Now this import action is kind of silent jobโ€ฆ

I will be rolling out two Import CSV changes over the course of the next two weeks.

The first changes significantly improves performance when adding records to a table which uses a SQL database. This performance improvement applies when adding any number of records using either the IMPORT CSV command or the REST API. It is especially helpful when adding a medium to large number of records to a SQL table. If you wish to experiment with this change, please provide your AppSheet account id and I will add you to the rollout. I recommend that you use a test account and an experimental SQL table while doing such experiments to avoid any risk to your production application. I have tested this improvement extensively, but this is a fundamental change and it involves some risk. Alternatively, you can wait until this change is gradually rolled out over the course of the next two weeks.

The second change improves field value validation when adding or updating records using either the IMPORT CSV command or the REST API. If you wish to experiment with this change, please provide your AppSheet account id and I will add you to the rollout. Again, I recommend using a test account if you choose to do this. Alternatively, you can wait until this change is gradually rolled out over the course of the next two weeks.

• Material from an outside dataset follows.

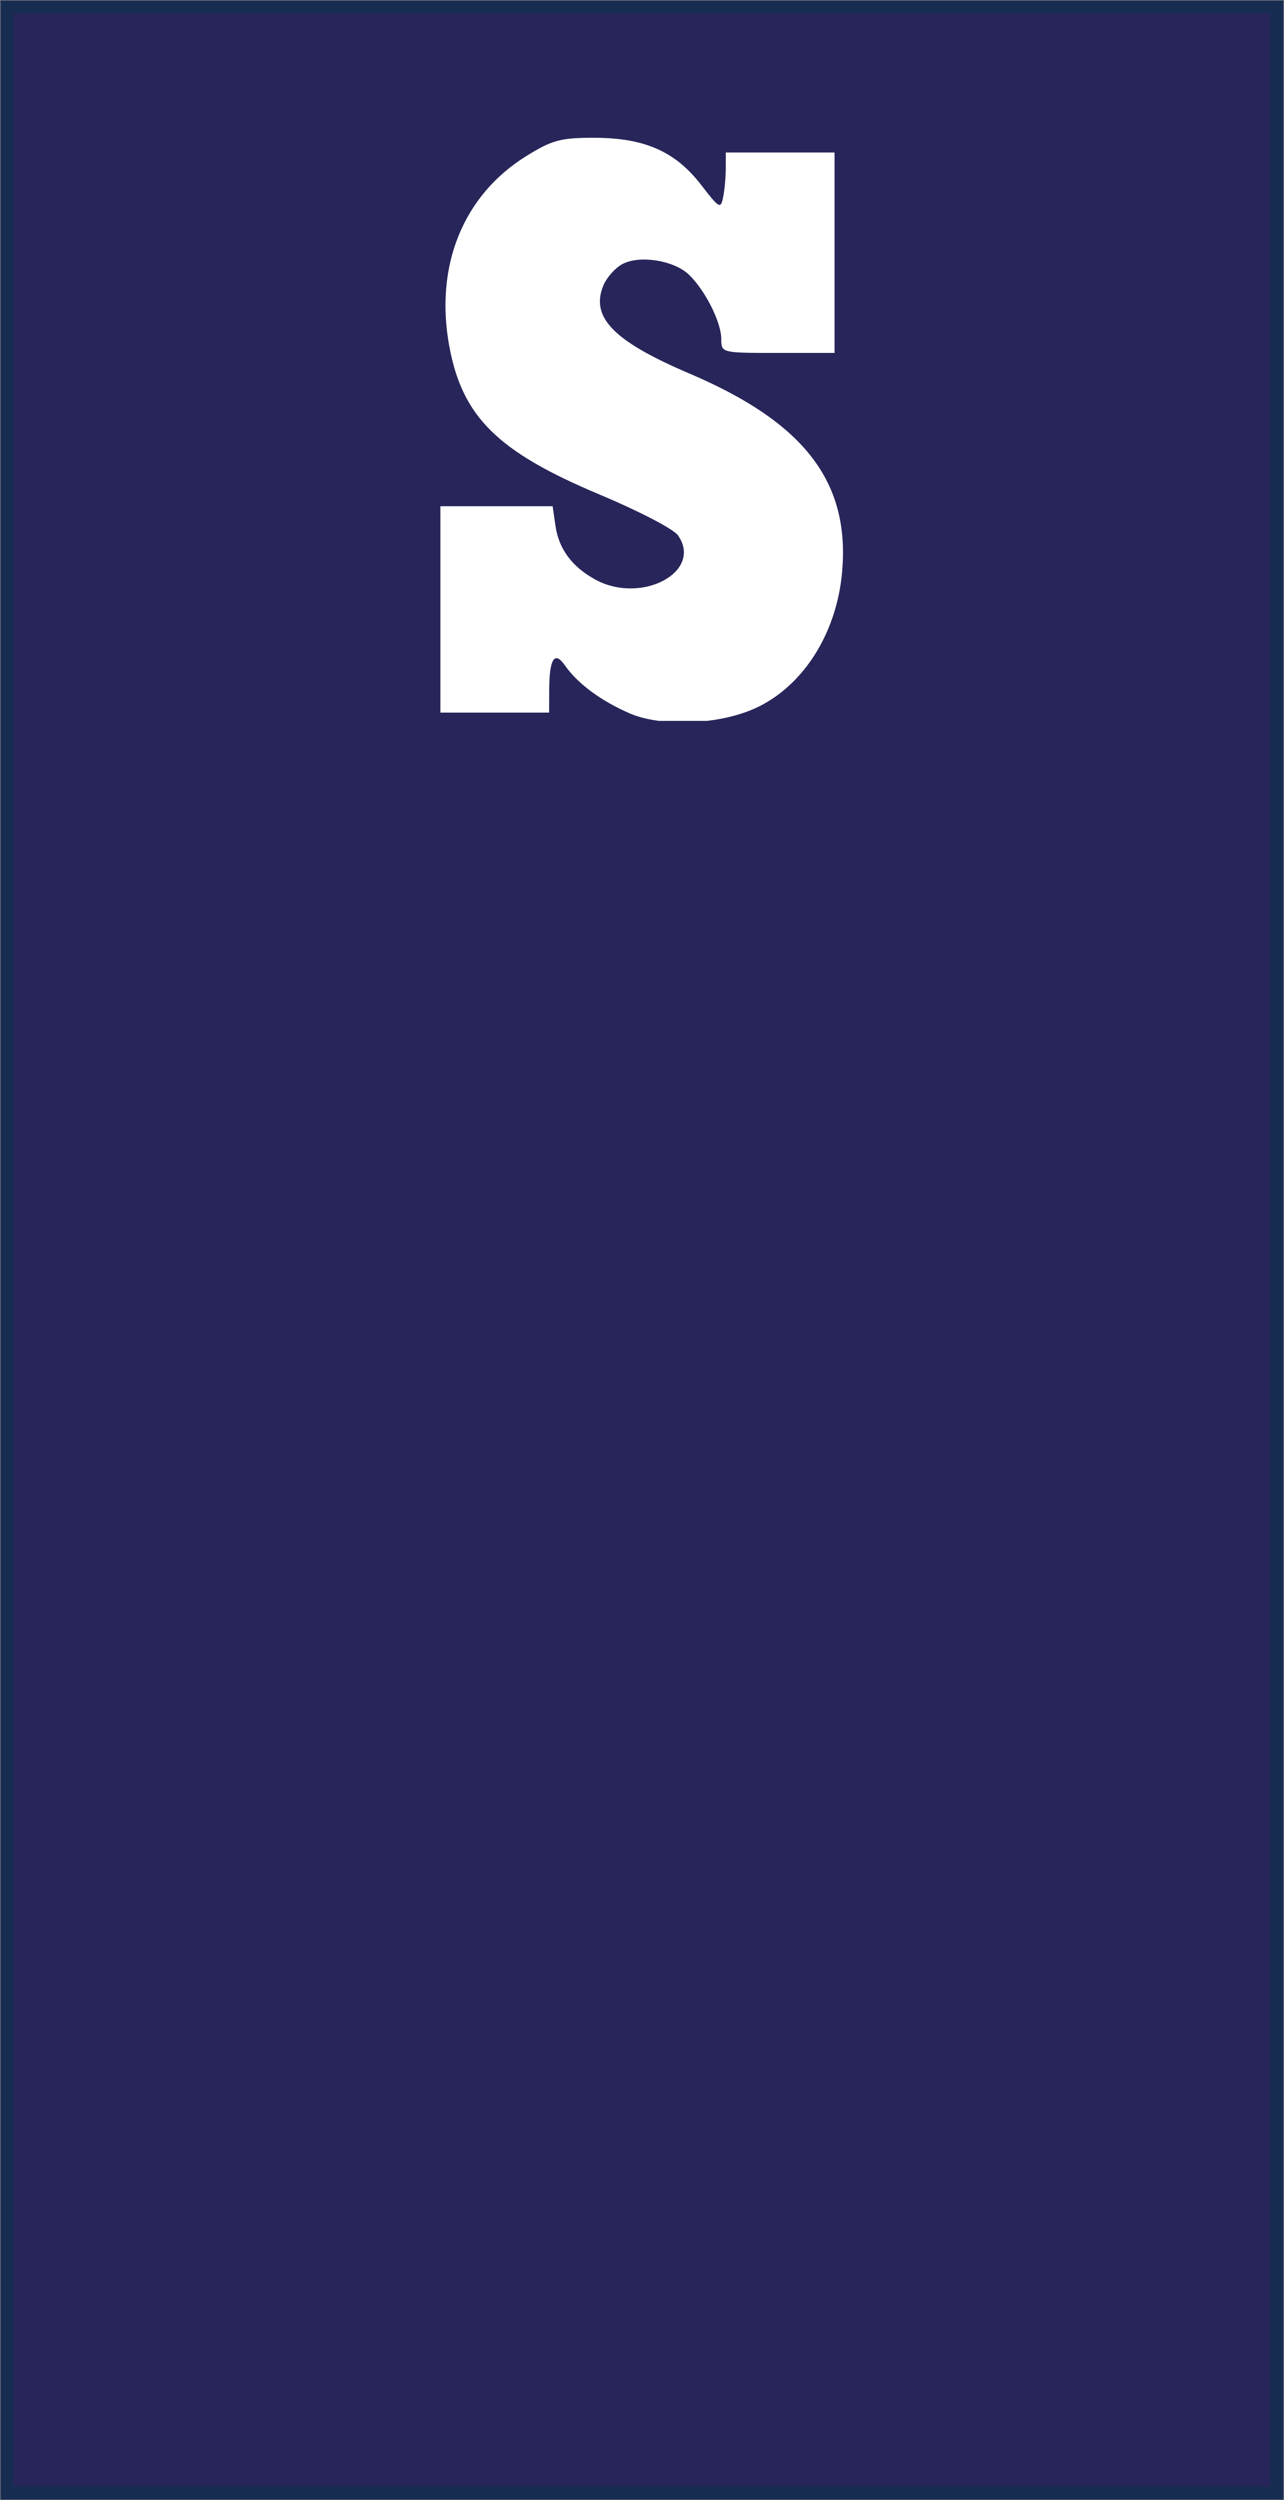 <svg width="449" height="874" xmlns="http://www.w3.org/2000/svg" xmlns:xlink="http://www.w3.org/1999/xlink" xml:space="preserve" overflow="hidden"><rect width="100%" height="100%" fill="#808080" stroke="none"/><defs><clipPath id="clip0"><rect x="3213" y="2172" width="141" height="204"/></clipPath><clipPath id="clip1"><rect x="3213" y="2172" width="141" height="204"/></clipPath><clipPath id="clip2"><rect x="3213" y="2172" width="141" height="204"/></clipPath></defs><g transform="translate(-3059 -2124)"><rect x="3061.5" y="2126.5" width="444" height="869" stroke="#172C51" stroke-width="4.583" stroke-miterlimit="8" fill="#28255A"/><g clip-path="url(#clip0)"><g clip-path="url(#clip1)"><g clip-path="url(#clip2)"><path d="M990.411 665.519C980.375 662.196 972.124 657.507 967.705 652.627 964.034 648.568 962.208 650.789 962.172 659.346L962.148 665.286 943.137 665.286 924.126 665.286 924.126 637.562 924.126 609.839 943.754 609.839 963.382 609.839 964.376 615.126C965.543 621.341 970.202 626.155 978.357 629.562 994.494 636.305 1016.06 627.431 1007.23 617.677 1005.69 615.97 993.71 611.18 979.651 606.641 944.143 595.19 931.796 585.814 927.246 566.857 922.066 545.249 932.084 526.262 954.227 515.721 963.25 511.428 966.196 510.822 977.992 510.835 995.548 510.856 1006.33 514.521 1015.34 523.526 1021.62 529.805 1022.14 530.033 1022.98 526.879 1023.49 525.017 1023.91 521.534 1023.92 519.137L1023.94 514.781 1042.95 514.781 1061.96 514.781 1061.96 541.713 1061.96 568.646 1042.16 568.646C1022.42 568.646 1022.36 568.633 1022.36 564.919 1022.36 560.412 1016.76 551.855 1011.05 547.625 1005.82 543.753 993.776 542.283 987.74 544.783 985.225 545.824 982.249 548.404 981.118 550.518 976.531 559.088 984.686 565.497 1011.27 574.198 1051.5 587.37 1067.46 603.372 1064.59 627.652 1062.56 644.724 1050.06 659.208 1032.65 664.639 1019.88 668.621 1000.97 669.016 990.411 665.519Z" fill="#FFFFFF" transform="matrix(1 0 0 1.301 2288.87 1507.57)"/></g></g></g></g></svg>

If testing goes well, I will be releasing a third change tomorrow afternoon that improves the dialog displayed by the IMPORT CSV command. It will now display an error message, if an error is detected by the IMPORT CSV command. It will display the number of records loaded if the IMPORT CSV command is successful.

Could you please add me koichi.tsuji@vendolasolutions.com for testing those new release?

Throwing error is surely helpful.

Adding number of rows is quite heavy operation I would say. In case, the user got error message, for instance, some of the rows are not really added due to some error, it should be too late for user to cease the import operation and the rows could have been already added. Then there is no UN-DO operation/option for now. When I see some error, I probably work again on CSV file and push correction based on error message, and re-import the file. But this will duplicated the nubmer of the row.

To avoid this, I suggest that we add process before the app firmly add/update the rows, meaning the app/update to the data source will only happen upon confirmation by app use explicitely.

Steps something like this.

  1. Hit action button.

  2. File picker to open

  3. The user selcect file and hit go.

  4. Data on CSV fies goes to somewhere the tentative storage, rather than being pushed to the data source at this point of time.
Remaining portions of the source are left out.